The provisions affecting partnership accounts are as follow:
(a) Capital Contribution
The agreement states whether each partner should contribute a fixed or a flexible amount.
   
(b) Division of Profits and Losses
The basis as to how profits and losses shall be shared among the partners.

(c) Fixed or Flexible Capital
Whether the Capital Accounts are to be Fixed Account, or if drawings and profits are to be adjusted in the current accounts, or in the capital accounts.
 
(d) Interest on Capital and/or Drawings
Whether interest on any of the two or both, is to be allowed or charged before arriving at the profits divisible in the agreed proportions, and if so, at what rate.
(e) Current Accounts
Whether current accounts (if any) are to bear interest, and if so, at what rate.

(f) Partners‟ Drawings
Whether partners‟ drawings are to be limited in amount in order to prevent a negative balance against the capital account, and/or whether interests are to be charged on drawings and at what rate.
   
(g) Partners‟ Remuneration
Whether partners are to be allowed remuneration for their services before arriving at divisible profits, and if so, the amount of the remuneration.
 
(h) Accounting Records
Proper accounts shall be prepared at least once a year and that these shall be audited by a professional accountant and signed by all the partners.

(i) Signed Accounts
The accounts, when prepared and duly signed, shall be binding on the partners, but shall be capable of being reopened within a specified period on an error being discovered.

(j) Valuation of Goodwill
The method by which the value of Goodwill shall be determined in the event of admission, retirement or death of any of the partners.

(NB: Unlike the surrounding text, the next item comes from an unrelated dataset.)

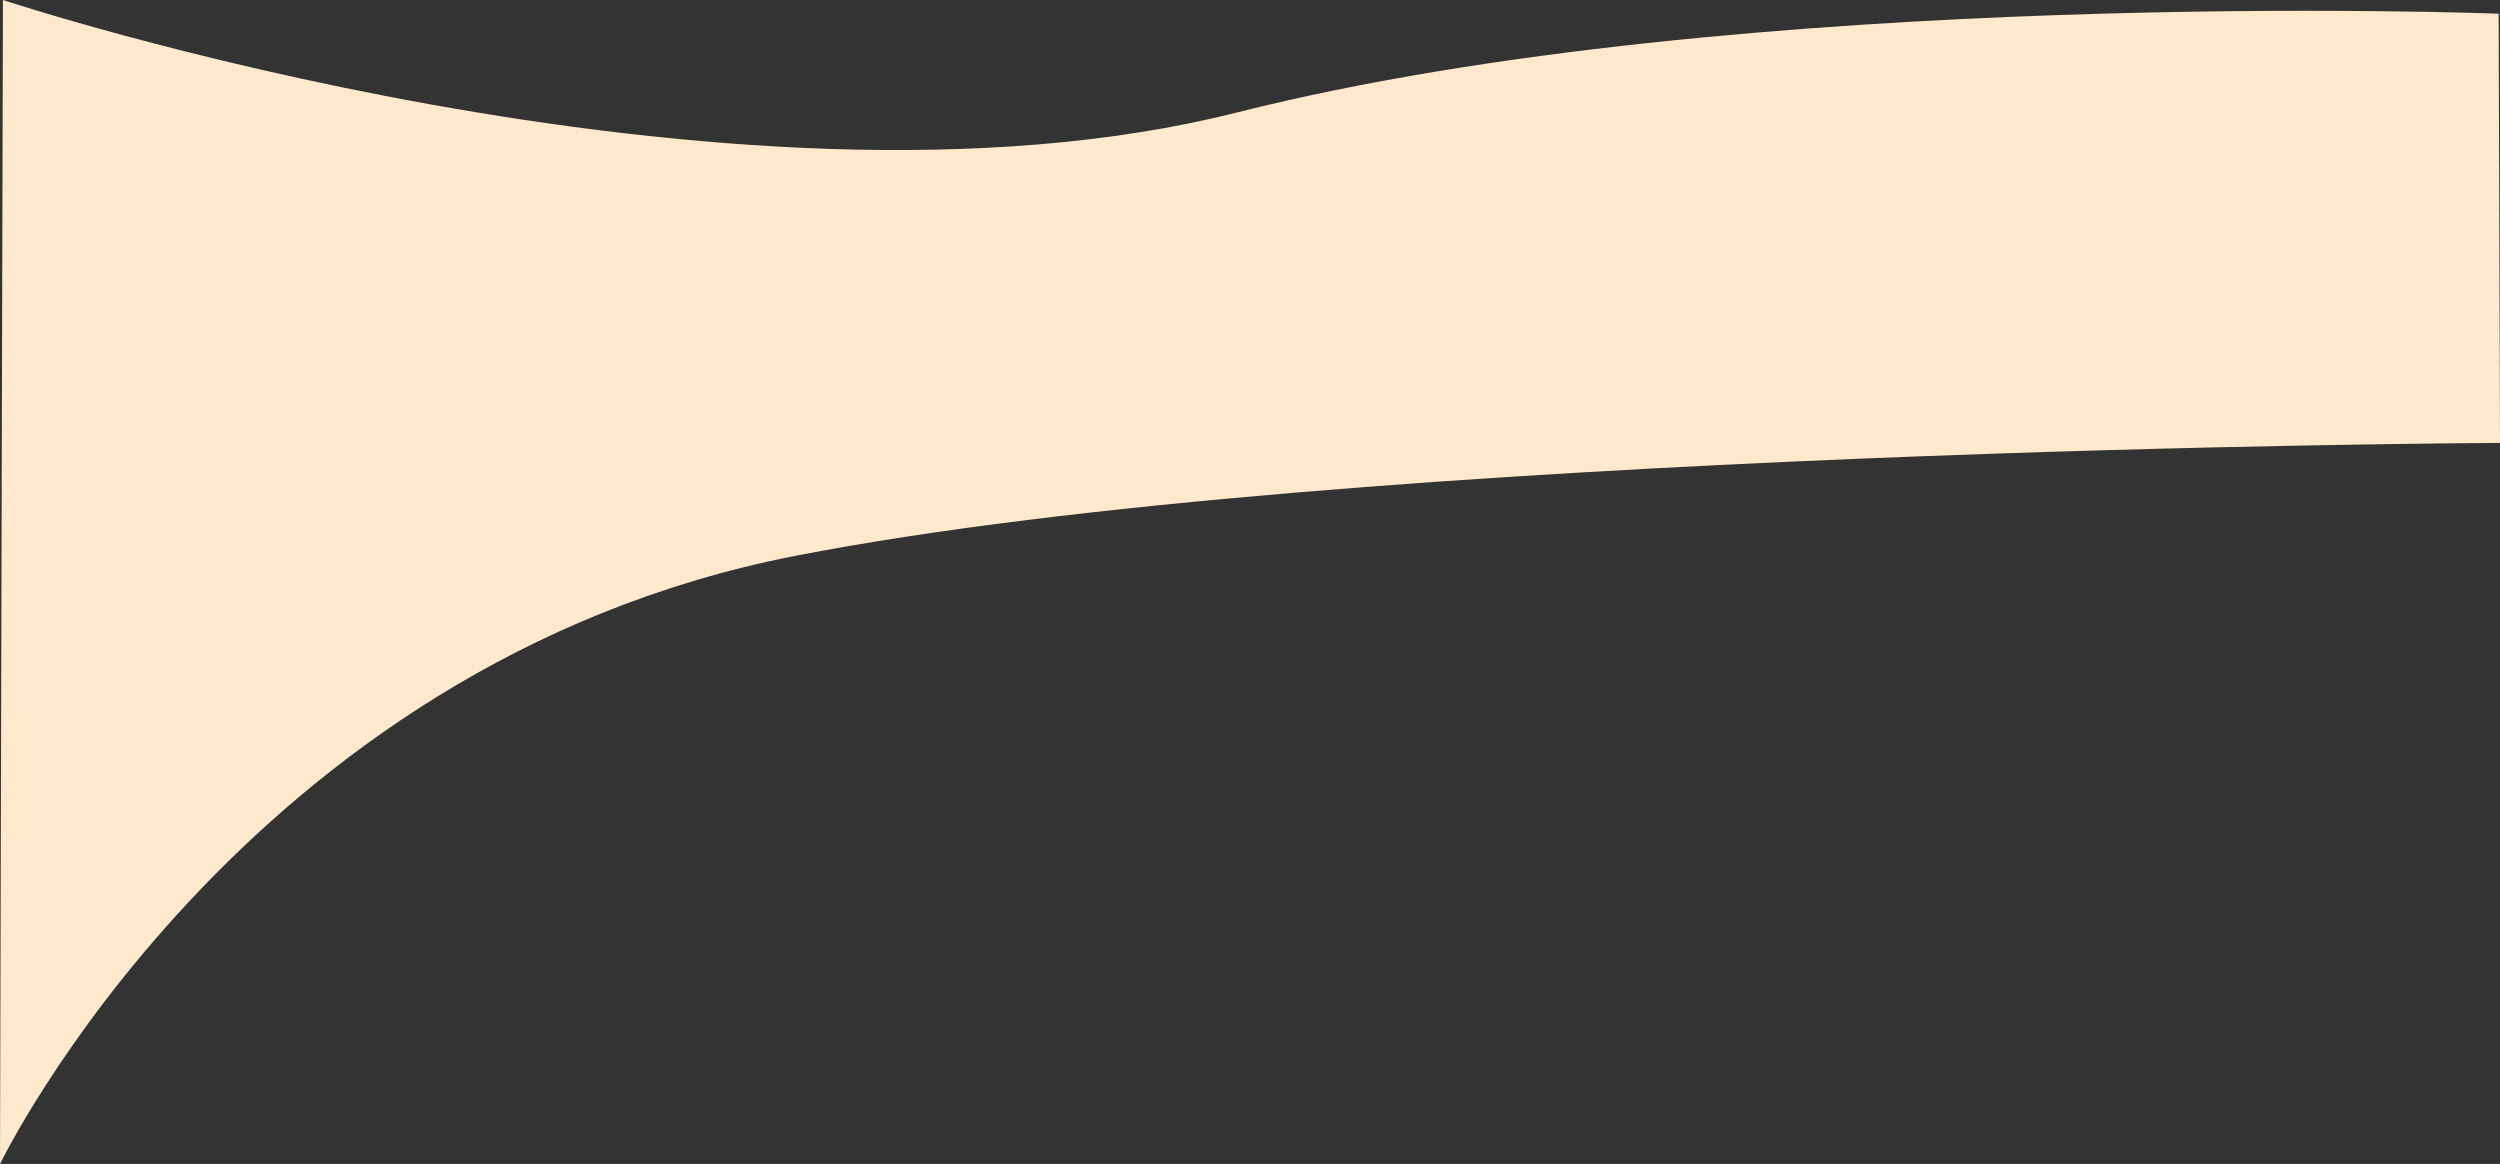 <svg xmlns="http://www.w3.org/2000/svg" viewBox="0 0 1703.17 792.96"><rect x="0" y="0" width="1703.17" height="792.96" fill="#333333" stroke="none"/><defs><style>.cls-1{fill:#ffe9cc;}</style></defs><title>bg-dynamiqueFichier 10</title><g id="Calque_2" data-name="Calque 2"><g id="Calque_1-2" data-name="Calque 1"><path class="cls-1" d="M2,0s495.2,163.89,840.76,76.62S1702.24,9.34,1702.24,9.34l.93,292.4s-784.35,3.35-1161.4,76.95S0,793,0,793Z"/></g></g></svg>

(k) Compensation to the Estate of Deceased Partner
The method of determining the amount due to the estate of a deceased partner and the manner in which the liability to his payment within a specified period, by instalments of certain proportions and the rate of interest to be allowed on outstanding balances.
   
(l) Insurance Premiums
In the event of any partnership insurance policies, the method of treating the premiums thereon and the division of the policy must be stated.
 
       2.1.2.2  The main advantages of partnership over sole-proprietorship are:

(a) More finance is available
(b) Higher performance may be achieved since two heads are better than one.
(c) Decision-making is also swift since partners are friends and they are not many.

The disadvantages are:
(a) The major disadvantage is that the liability of members of the partnership is unlimited.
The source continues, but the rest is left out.